> **Your goal**
What you return should match the data word for word, minus the images.

^^^^^^^^

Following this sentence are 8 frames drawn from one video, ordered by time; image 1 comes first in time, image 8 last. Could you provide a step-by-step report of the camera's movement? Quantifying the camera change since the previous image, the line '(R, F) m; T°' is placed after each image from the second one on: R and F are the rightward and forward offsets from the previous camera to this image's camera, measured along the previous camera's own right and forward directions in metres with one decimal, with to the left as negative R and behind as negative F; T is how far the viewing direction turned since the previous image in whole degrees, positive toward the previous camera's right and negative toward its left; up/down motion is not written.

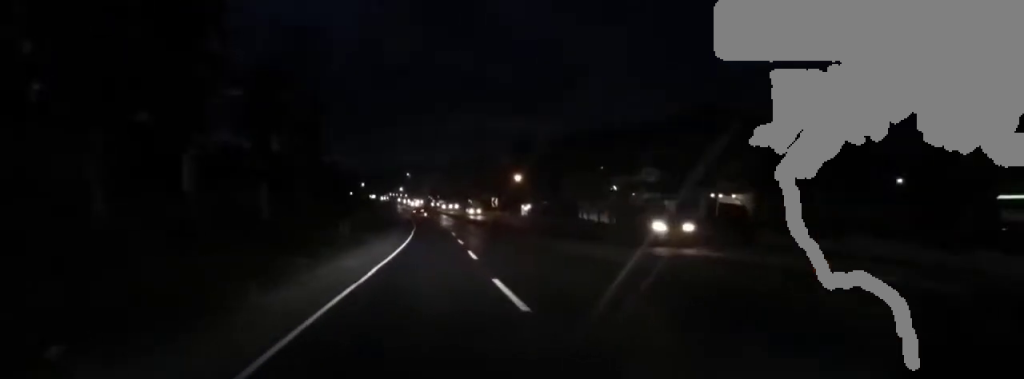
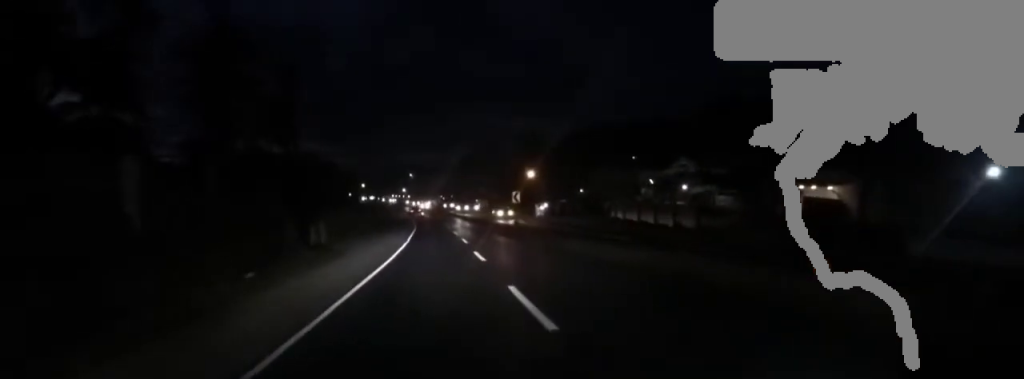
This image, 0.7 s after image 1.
(-0.4, +9.6) m; -2°
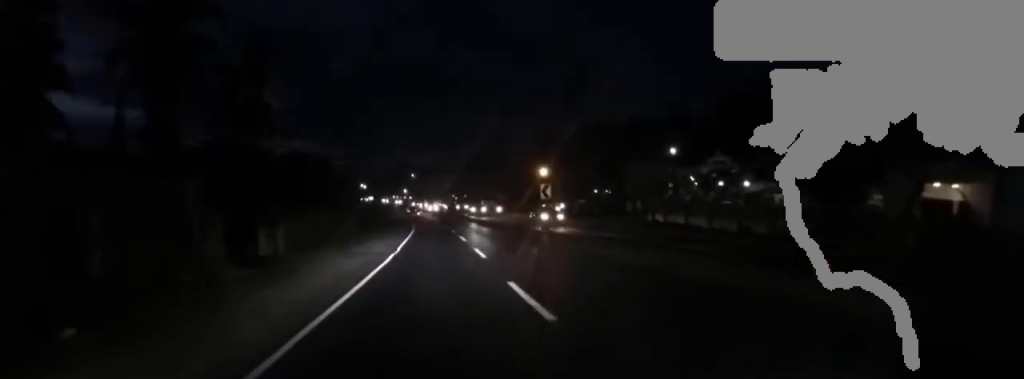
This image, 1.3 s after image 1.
(-0.9, +8.0) m; -1°
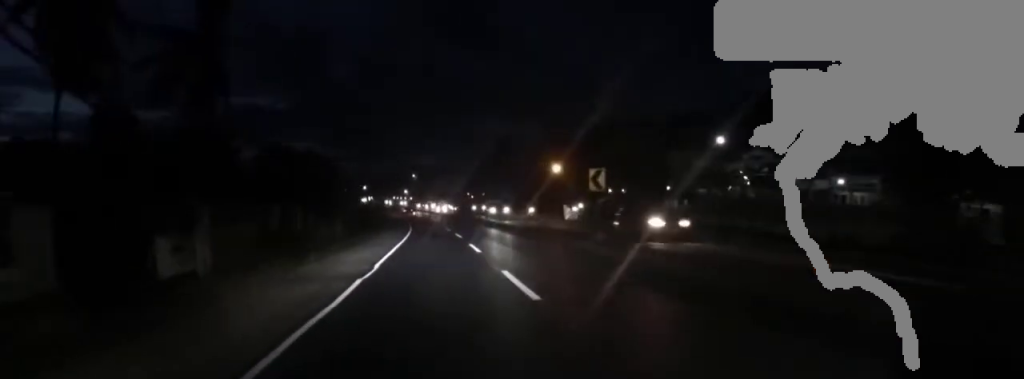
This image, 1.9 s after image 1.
(+0.7, +7.2) m; 0°
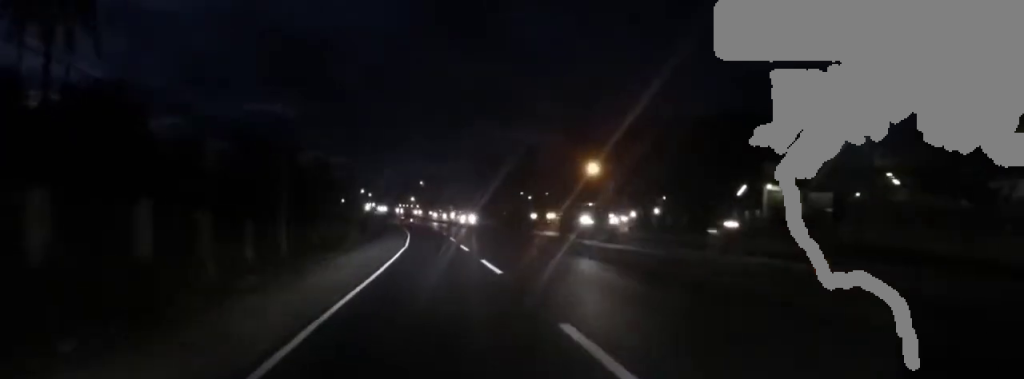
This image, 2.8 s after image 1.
(0.0, +12.4) m; -3°
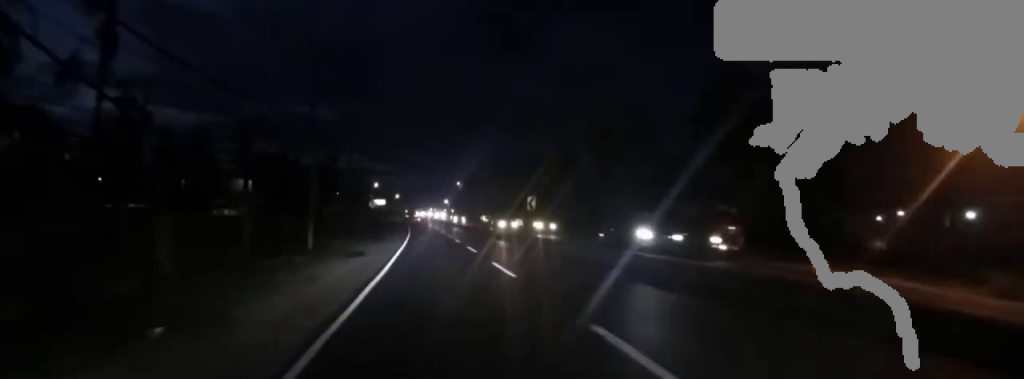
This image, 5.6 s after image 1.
(-1.0, +41.2) m; -1°
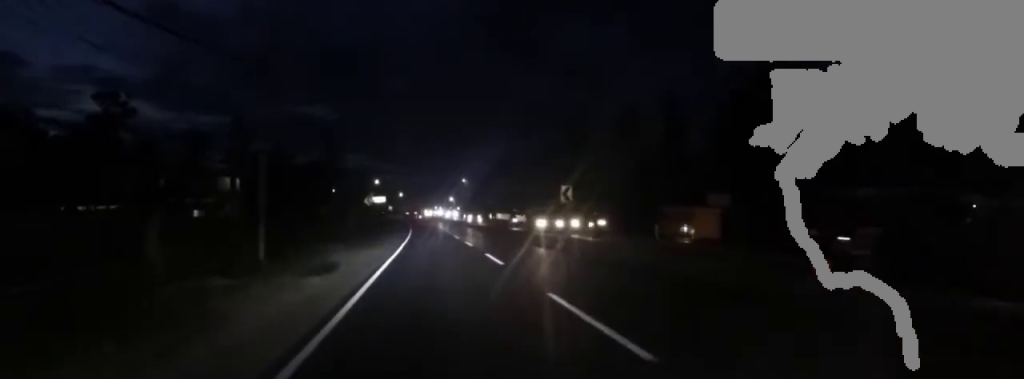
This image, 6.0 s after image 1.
(-0.2, +6.6) m; 0°
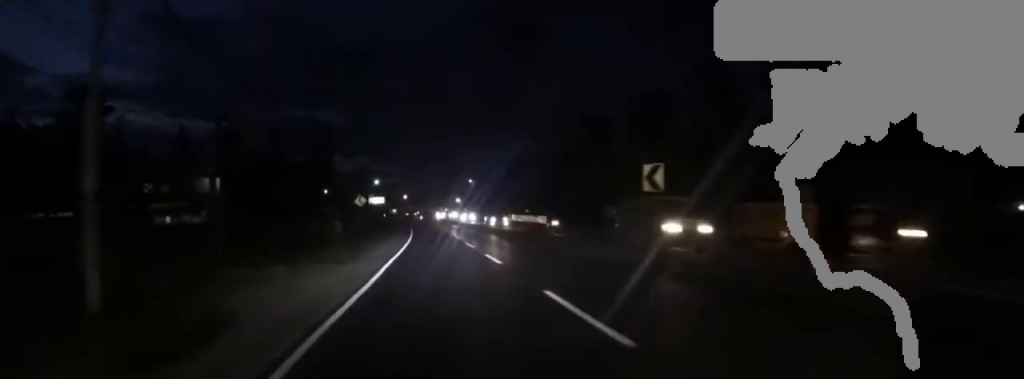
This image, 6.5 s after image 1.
(-0.1, +8.1) m; -1°

^^^^^^^^

> **Answer below**
Following this sentence are 8 frames drawn from one video, ordered by time; image 1 comes first in time, image 8 last. Could you provide a step-by-step report of the camera's movement? Quantifying the camera change since the previous image, the line '(R, F) m; T°' is placed after each image from the second one on: R and F are the rightward and forward offsets from the previous camera to this image's camera, measured along the previous camera's own right and forward directions in metres with one decimal, with to the left as negative R and behind as negative F; T is how far the viewing direction turned since the previous image in whole degrees, positive toward the previous camera's right and negative toward its left; up/down motion is not written.

This image, 0.7 s after image 1.
(-0.4, +9.6) m; -2°
This image, 1.3 s after image 1.
(-0.9, +8.0) m; -1°
This image, 1.9 s after image 1.
(+0.7, +7.2) m; 0°
This image, 2.8 s after image 1.
(0.0, +12.4) m; -3°
This image, 5.6 s after image 1.
(-1.0, +41.2) m; -1°
This image, 6.0 s after image 1.
(-0.2, +6.6) m; 0°
This image, 6.5 s after image 1.
(-0.1, +8.1) m; -1°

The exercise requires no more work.